- - Sunday, April 8, 2012

Matt Damon is hunting for some “great character faces” for a feature film he is making with director Gus Van Sant said to be critical about fracking for natural gas.

In a notice seen Friday on the website of the Pittsburgh Film Office in Philadelphia, the casting team of “Promised Land” announced an open audition for paid extras on Saturday at a local convention center.

“We are especially searching for great character faces, farmer looks, senior citizens, baseball players, upscale men and women with formal wear, teens and kids,” it said.

“Promised Land” stars Mr. Damon - who Mr. Van Sant directed in “Good Will Hunting” - in a story he co-wrote about a businessman who “experiences life-changing events after arriving in a small town,” the IMDb.com website said.
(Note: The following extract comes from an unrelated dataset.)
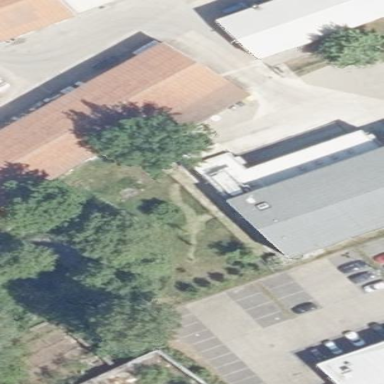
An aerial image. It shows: Commercial building.

Filming gets under way April 23, according to a Facebook page set up by the casting team in Pennsylvania, where fracking for gas is under way.

Earlier this week, in the home stretch of their fundraising campaign on Kickstarter, the makers of pro-fracking film “Frack Nation” stated that “Promised Land” would be “an anti-fracking Hollywood blockbuster.”

Spokesmen for Mr. Damon and his project could not be reached for comment.

Fracking, or hydraulic fracturing, is a controversial process by which high-pressure injections of water, sand and chemicals are used to blast through rock to release oil and gas trapped inside.

Pennsylvania filmmaker Josh Fox raised concerns about fracking’s disputed impact on the environment, particularly underground sources of water, in his Oscar-nominated 2010 documentary “Gasland.”

Potential jurors in Hudson case asked about singer

Jennifer Hudson takes center stage in a questionnaire that potential jurors are being asked to fill out to determine if they will be allowed to decide whether or not a man is guilty in the slayings of the singer’s mother, brother and nephew.

Nine of the 66 questions released to the Associated Press and other media outlets Friday dealt with Miss Hudson’s career in movies, television and as an author.

Prospective jurors were asked if they have ever watched “American Idol,” the television show that brought Miss Hudson to fame, or if they saw “Dreamgirls,” the motion picture for which she won an Academy Award. They also were asked if they’d ever seen her perform or read her book, “I Got This: How I Changed My Ways and Lost What Weighed Me Down.”

Legal experts say the reason is simple: Attorneys need to get a sense of whether Miss Hudson’s fame could sway those who will ultimately be selected to sit on the jury.

All those television and movie appearances could create a familiarity that poses a danger to criminal defendants.